--- The data ---

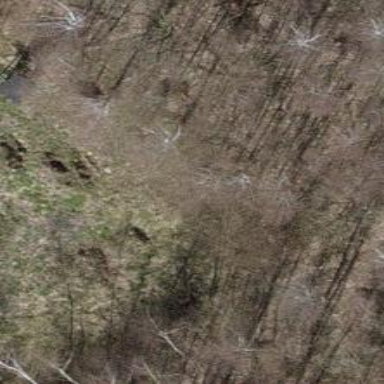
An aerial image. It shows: Hunting stand.
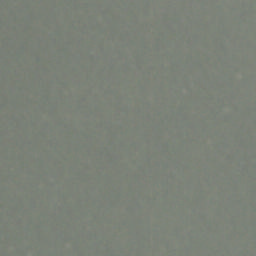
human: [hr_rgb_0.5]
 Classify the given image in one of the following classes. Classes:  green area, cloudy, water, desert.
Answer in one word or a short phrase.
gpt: cloudy
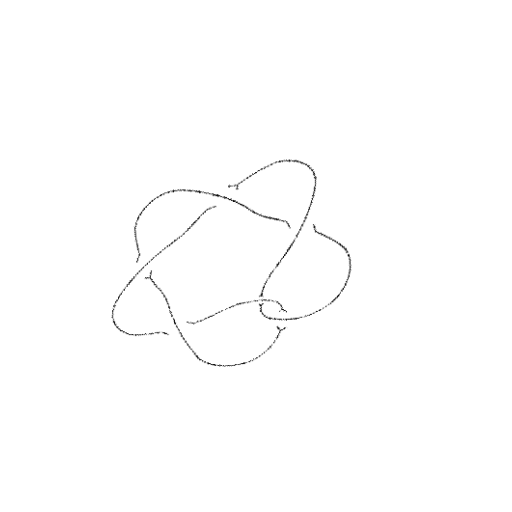
Crossing number: 6
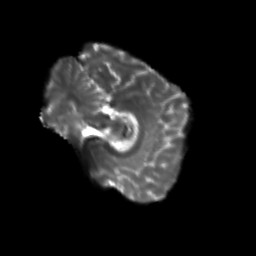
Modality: T2w
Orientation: sagittal
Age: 28
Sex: female
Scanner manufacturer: siemens
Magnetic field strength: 3 T
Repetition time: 3.5 s
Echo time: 0.104 s
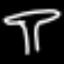
Label: mushroom
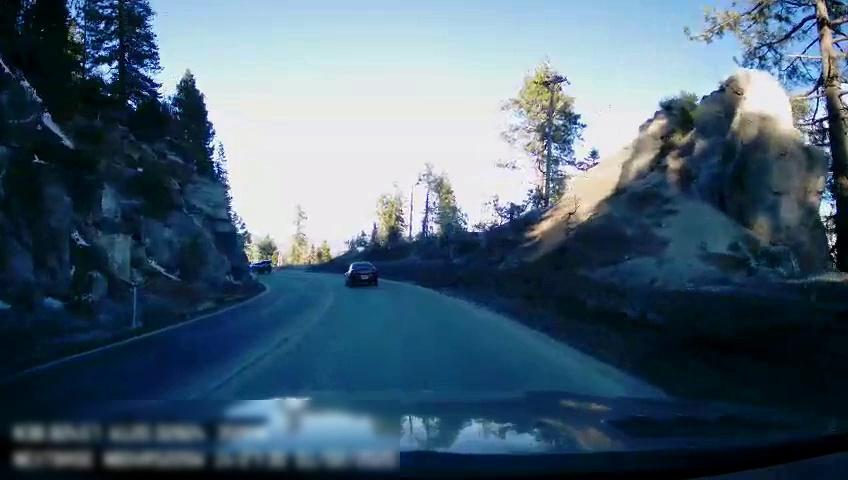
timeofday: Day
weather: Sunny
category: Drivable Space
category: Vehicles | SUV
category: Vehicles | Car
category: Lanes | Opposite Lane
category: Lanes | Opposite Lane
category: Lanes | Current Lane
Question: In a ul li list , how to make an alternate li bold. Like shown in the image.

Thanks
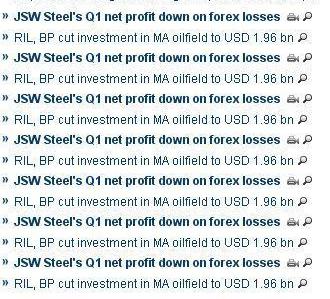
Answer: Use the <URL> pseudo selector:
'''
li:nth-child(even) {
font-weight: bold;
}
'''
Use odd or even depending on whether you want the first one bold.
<URL> on jsfiddle.
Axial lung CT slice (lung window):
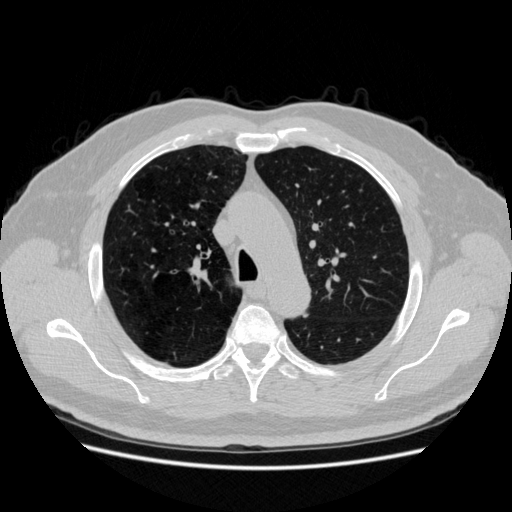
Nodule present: no
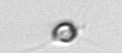
Label: Acanthoica_quattrospina
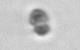
Label: Heterocapsa_rotundata
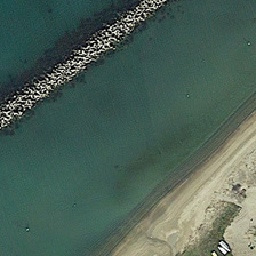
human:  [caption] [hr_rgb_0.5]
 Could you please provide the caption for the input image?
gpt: There is a narrow black-and-white piece of cotton parallel to the coast.

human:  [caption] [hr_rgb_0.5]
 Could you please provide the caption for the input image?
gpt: It is a long, cotton-like black and white block parallel to the coastline.

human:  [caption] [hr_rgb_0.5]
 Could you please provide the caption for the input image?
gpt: the water with the dam in it is gently patting the beach which has a lawn at its coner .

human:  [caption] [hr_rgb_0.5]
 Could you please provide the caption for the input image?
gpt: a rock line divided the sea into two parts .

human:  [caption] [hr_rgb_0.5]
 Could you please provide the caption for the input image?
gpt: a road is in a piece of water near a yellow beach like a ribbon .
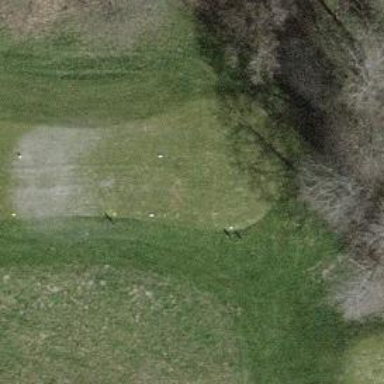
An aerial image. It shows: Golf tee.
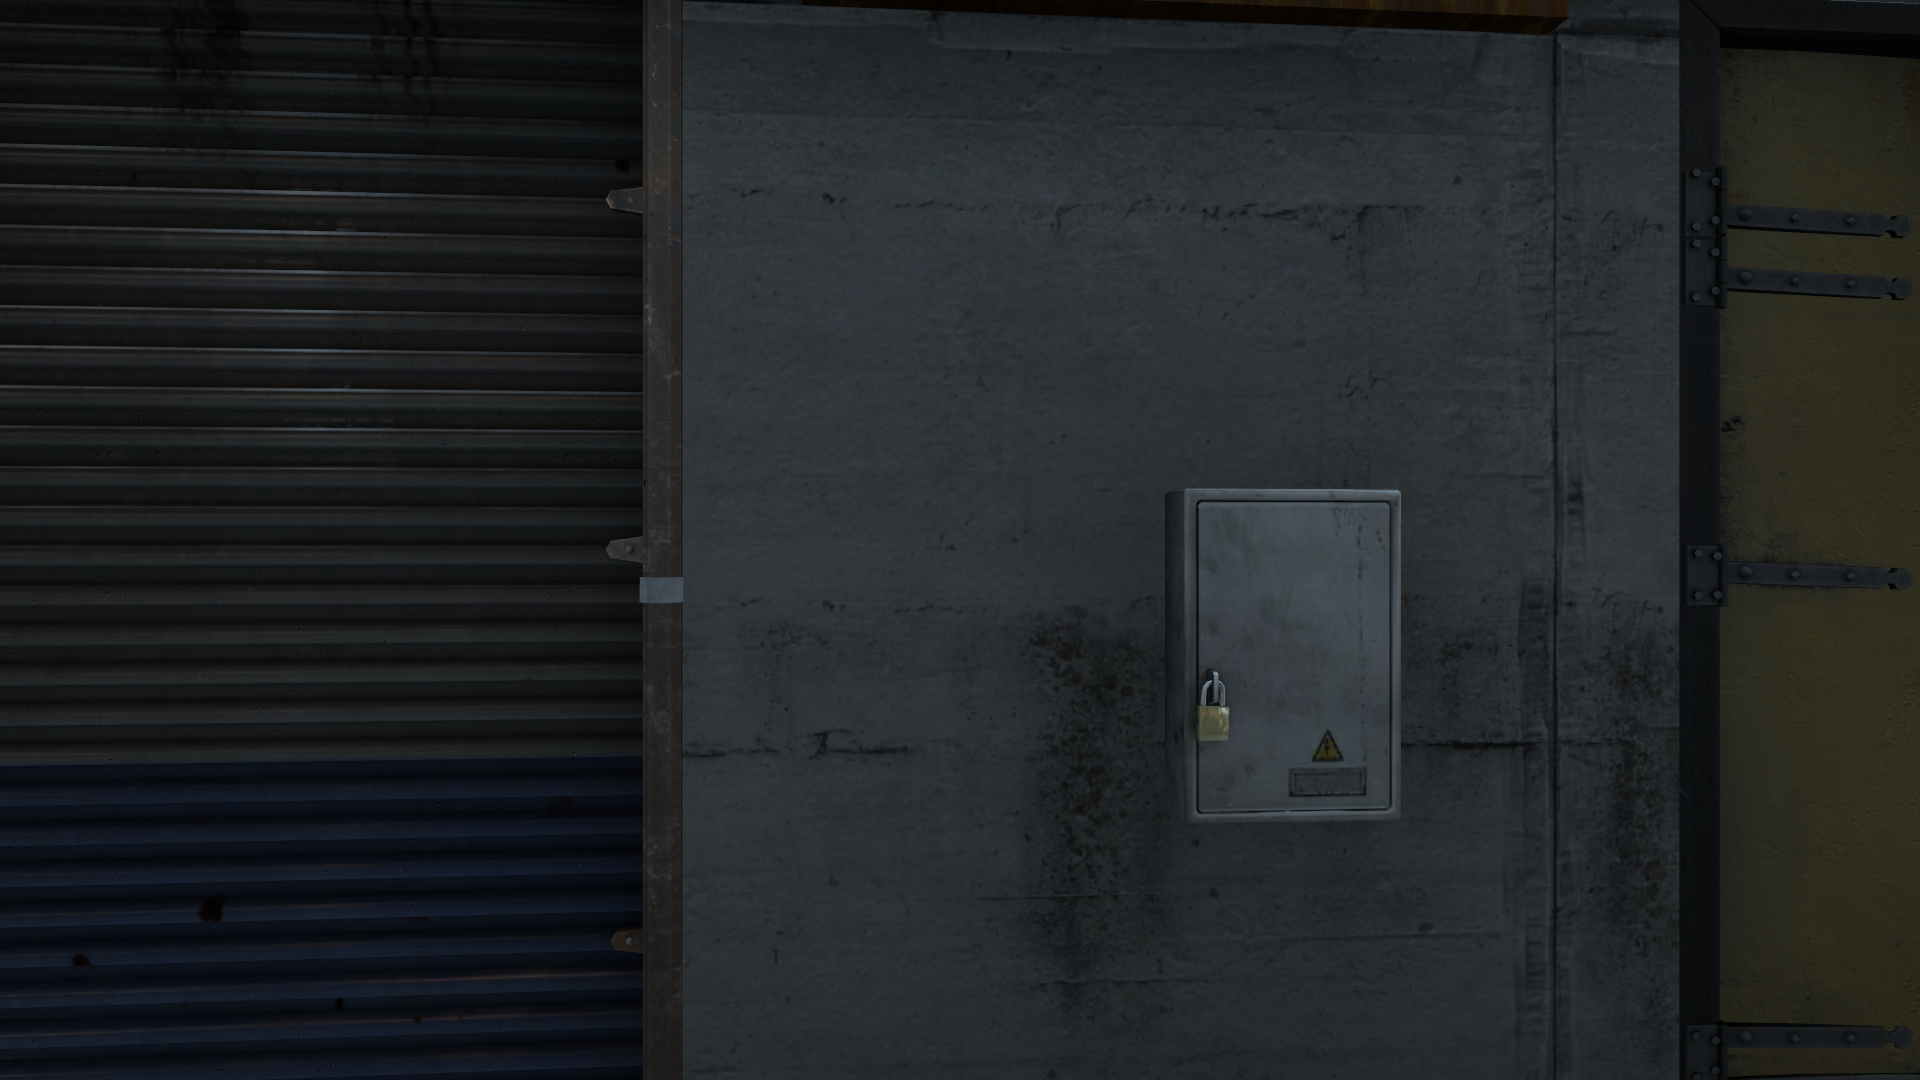
Map: de_train
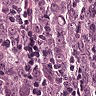
Metastatic tissue present: yes
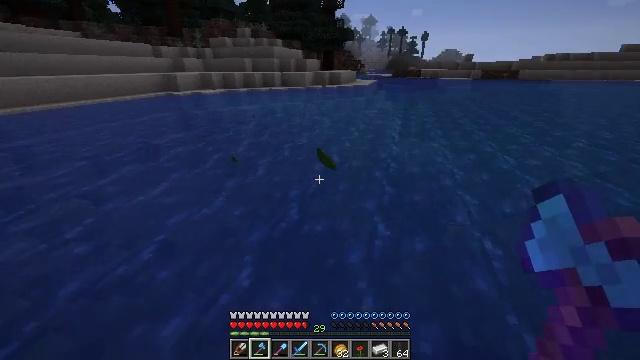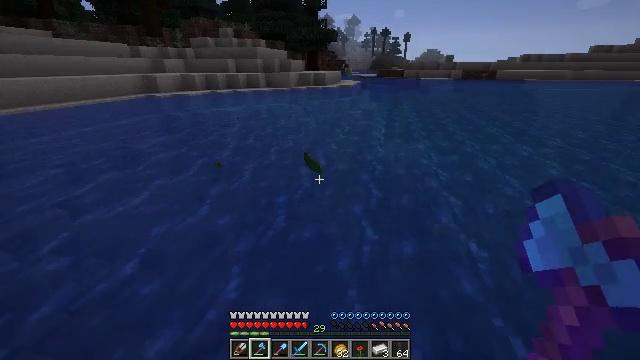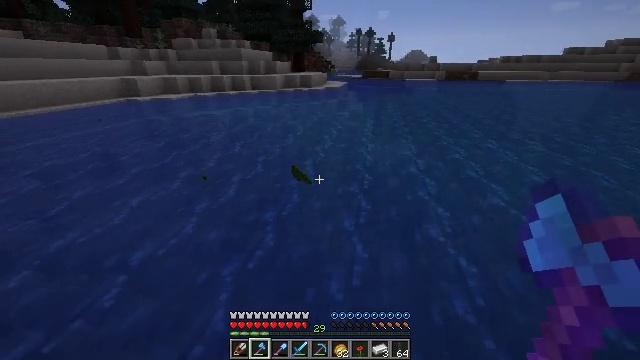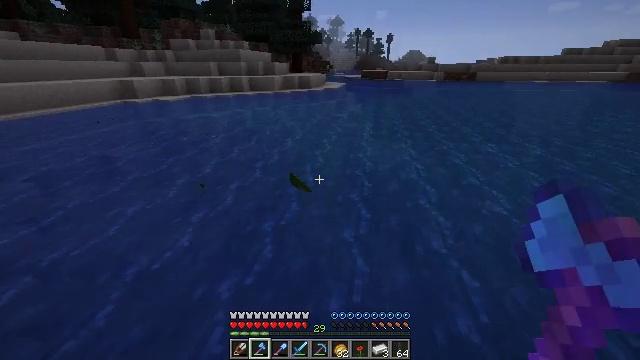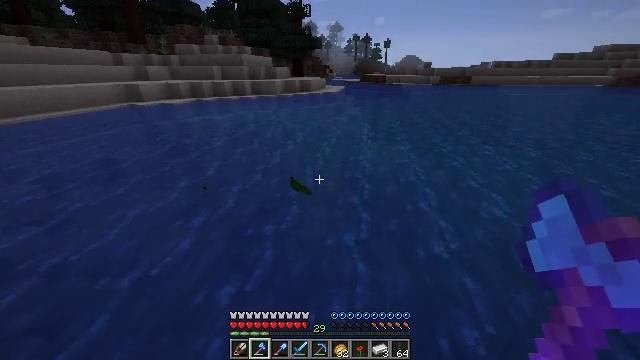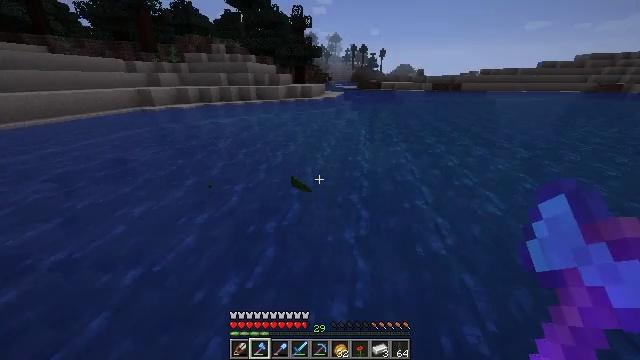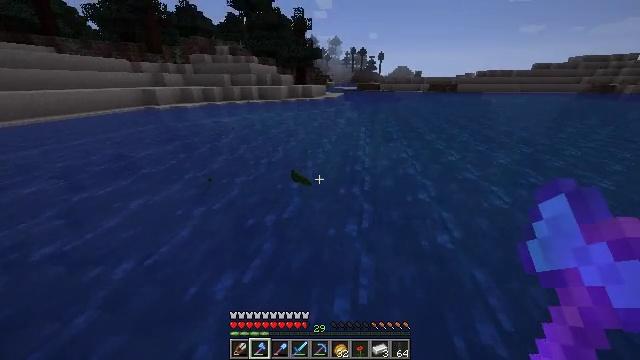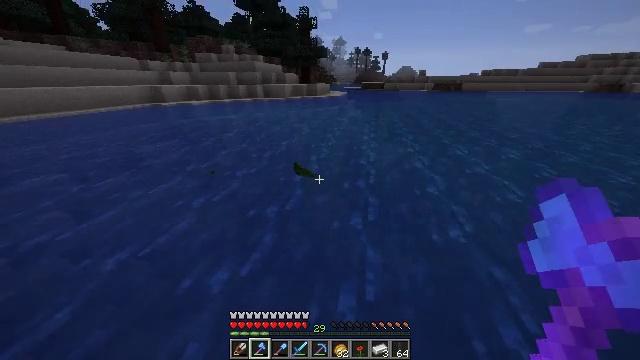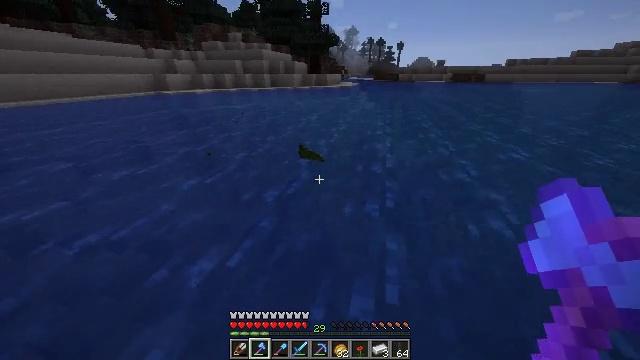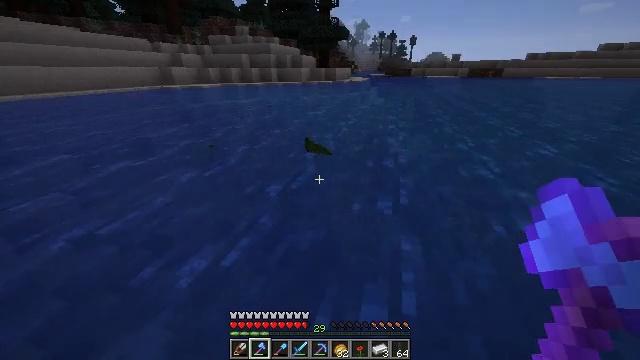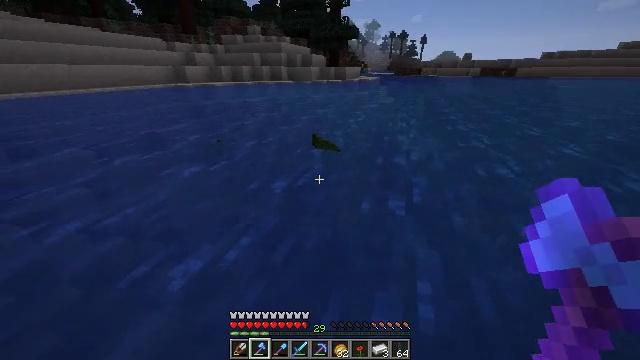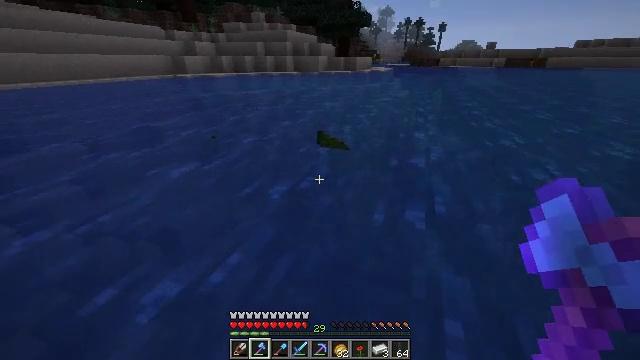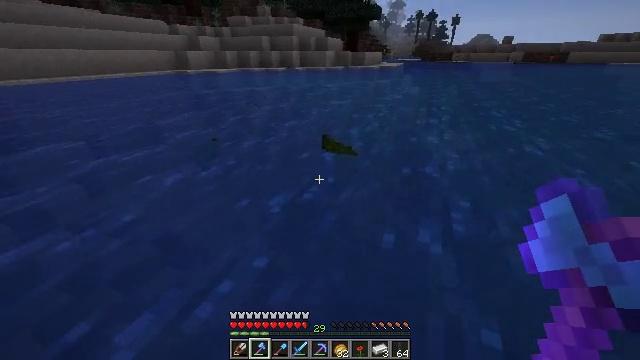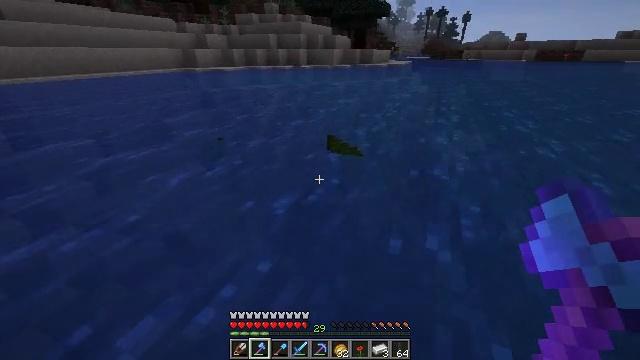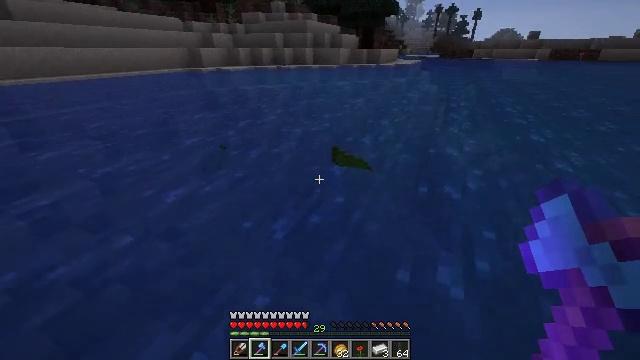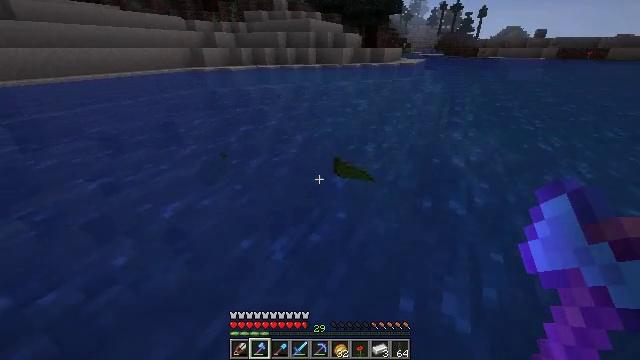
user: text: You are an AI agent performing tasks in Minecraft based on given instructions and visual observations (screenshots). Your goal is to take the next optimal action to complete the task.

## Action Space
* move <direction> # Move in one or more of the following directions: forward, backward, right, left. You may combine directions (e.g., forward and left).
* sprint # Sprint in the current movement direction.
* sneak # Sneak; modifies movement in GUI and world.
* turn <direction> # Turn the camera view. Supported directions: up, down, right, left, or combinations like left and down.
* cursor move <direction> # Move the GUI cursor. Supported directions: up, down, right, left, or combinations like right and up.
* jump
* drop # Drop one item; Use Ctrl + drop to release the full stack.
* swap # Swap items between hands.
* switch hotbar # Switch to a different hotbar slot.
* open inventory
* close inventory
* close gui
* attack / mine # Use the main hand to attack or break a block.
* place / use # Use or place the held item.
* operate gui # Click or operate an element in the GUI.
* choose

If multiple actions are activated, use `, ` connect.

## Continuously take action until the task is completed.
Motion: motion action
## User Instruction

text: Collect kelp plant from the sea.
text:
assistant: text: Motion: move forward, turn right, jump
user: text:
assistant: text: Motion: move forward, turn right, jump
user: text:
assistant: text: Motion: move forward, sprint, jump
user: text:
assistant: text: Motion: move forward, sprint, jump
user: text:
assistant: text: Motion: move forward, sprint, jump
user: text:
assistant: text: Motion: move forward, sprint, jump
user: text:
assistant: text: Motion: move forward, turn left, jump
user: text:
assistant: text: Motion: move forward, turn left, jump
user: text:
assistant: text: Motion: move forward, turn left, jump
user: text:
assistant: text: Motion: move forward, turn left, jump
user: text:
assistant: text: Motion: move forward, sprint, turn left, jump
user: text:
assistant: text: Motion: move forward, sprint, turn left, jump
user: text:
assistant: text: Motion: move forward, sprint, turn left, jump
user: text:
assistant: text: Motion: move forward, sprint, turn left, jump
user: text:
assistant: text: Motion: move forward, jump
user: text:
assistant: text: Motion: move forward, jump
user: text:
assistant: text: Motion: move forward, jump
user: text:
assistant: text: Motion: move forward, jump
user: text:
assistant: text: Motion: move forward, turn left, jump
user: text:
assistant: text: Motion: move forward, turn left, jump
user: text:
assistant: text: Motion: move forward, turn left, jump
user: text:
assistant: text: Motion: move forward, turn left, jump
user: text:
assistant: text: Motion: move forward, turn left, jump
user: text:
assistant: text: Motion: move forward, turn left, jump
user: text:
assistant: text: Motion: move forward, sprint, turn left, jump
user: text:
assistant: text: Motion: move forward, sprint, turn left, jump
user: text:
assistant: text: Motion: move forward, sprint, turn left and down, jump
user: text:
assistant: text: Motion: move forward, sprint, turn left, jump
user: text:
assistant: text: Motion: move forward, jump
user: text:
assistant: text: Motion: move forward, turn left, jump
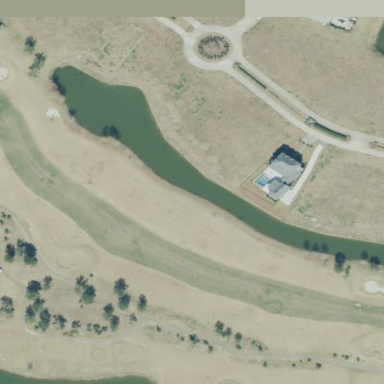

--- What to do ---
Where pictures occur in the material above, omit them and return everything else exactly.

--- Response to this exercise ---
An aerial image. It shows: Hunting stand.
human: [hr_rgb_0.5]
 Classify the given image in one of the following classes. Classes:  green area, cloudy, water, desert.
Answer in one word or a short phrase.
gpt: cloudy
Crossing number: 6
Modality: T2w
Orientation: sagittal
Age: 28
Sex: female
Scanner manufacturer: siemens
Magnetic field strength: 3 T
Repetition time: 3.5 s
Echo time: 0.104 s
Label: mushroom
timeofday: Day
weather: Sunny
category: Drivable Space
category: Vehicles | SUV
category: Vehicles | Car
category: Lanes | Opposite Lane
category: Lanes | Opposite Lane
category: Lanes | Current Lane
Question: In a ul li list , how to make an alternate li bold. Like shown in the image.

Thanks
Answer: Use the <URL> pseudo selector:
'''
li:nth-child(even) {
font-weight: bold;
}
'''
Use odd or even depending on whether you want the first one bold.
<URL> on jsfiddle.
Axial lung CT slice (lung window):
Nodule present: no
Label: Acanthoica_quattrospina
Label: Heterocapsa_rotundata
human:  [caption] [hr_rgb_0.5]
 Could you please provide the caption for the input image?
gpt: There is a narrow black-and-white piece of cotton parallel to the coast.

human:  [caption] [hr_rgb_0.5]
 Could you please provide the caption for the input image?
gpt: It is a long, cotton-like black and white block parallel to the coastline.

human:  [caption] [hr_rgb_0.5]
 Could you please provide the caption for the input image?
gpt: the water with the dam in it is gently patting the beach which has a lawn at its coner .

human:  [caption] [hr_rgb_0.5]
 Could you please provide the caption for the input image?
gpt: a rock line divided the sea into two parts .

human:  [caption] [hr_rgb_0.5]
 Could you please provide the caption for the input image?
gpt: a road is in a piece of water near a yellow beach like a ribbon .
An aerial image. It shows: Golf tee.
Map: de_train
Metastatic tissue present: yes
user: text: You are an AI agent performing tasks in Minecraft based on given instructions and visual observations (screenshots). Your goal is to take the next optimal action to complete the task.

## Action Space
* move <direction> # Move in one or more of the following directions: forward, backward, right, left. You may combine directions (e.g., forward and left).
* sprint # Sprint in the current movement direction.
* sneak # Sneak; modifies movement in GUI and world.
* turn <direction> # Turn the camera view. Supported directions: up, down, right, left, or combinations like left and down.
* cursor move <direction> # Move the GUI cursor. Supported directions: up, down, right, left, or combinations like right and up.
* jump
* drop # Drop one item; Use Ctrl + drop to release the full stack.
* swap # Swap items between hands.
* switch hotbar # Switch to a different hotbar slot.
* open inventory
* close inventory
* close gui
* attack / mine # Use the main hand to attack or break a block.
* place / use # Use or place the held item.
* operate gui # Click or operate an element in the GUI.
* choose

If multiple actions are activated, use `, ` connect.

## Continuously take action until the task is completed.
Motion: motion action
## User Instruction

text: Collect kelp plant from the sea.
text:
assistant: text: Motion: move forward, turn right, jump
user: text:
assistant: text: Motion: move forward, turn right, jump
user: text:
assistant: text: Motion: move forward, sprint, jump
user: text:
assistant: text: Motion: move forward, sprint, jump
user: text:
assistant: text: Motion: move forward, sprint, jump
user: text:
assistant: text: Motion: move forward, sprint, jump
user: text:
assistant: text: Motion: move forward, turn left, jump
user: text:
assistant: text: Motion: move forward, turn left, jump
user: text:
assistant: text: Motion: move forward, turn left, jump
user: text:
assistant: text: Motion: move forward, turn left, jump
user: text:
assistant: text: Motion: move forward, sprint, turn left, jump
user: text:
assistant: text: Motion: move forward, sprint, turn left, jump
user: text:
assistant: text: Motion: move forward, sprint, turn left, jump
user: text:
assistant: text: Motion: move forward, sprint, turn left, jump
user: text:
assistant: text: Motion: move forward, jump
user: text:
assistant: text: Motion: move forward, jump
user: text:
assistant: text: Motion: move forward, jump
user: text:
assistant: text: Motion: move forward, jump
user: text:
assistant: text: Motion: move forward, turn left, jump
user: text:
assistant: text: Motion: move forward, turn left, jump
user: text:
assistant: text: Motion: move forward, turn left, jump
user: text:
assistant: text: Motion: move forward, turn left, jump
user: text:
assistant: text: Motion: move forward, turn left, jump
user: text:
assistant: text: Motion: move forward, turn left, jump
user: text:
assistant: text: Motion: move forward, sprint, turn left, jump
user: text:
assistant: text: Motion: move forward, sprint, turn left, jump
user: text:
assistant: text: Motion: move forward, sprint, turn left and down, jump
user: text:
assistant: text: Motion: move forward, sprint, turn left, jump
user: text:
assistant: text: Motion: move forward, jump
user: text:
assistant: text: Motion: move forward, turn left, jump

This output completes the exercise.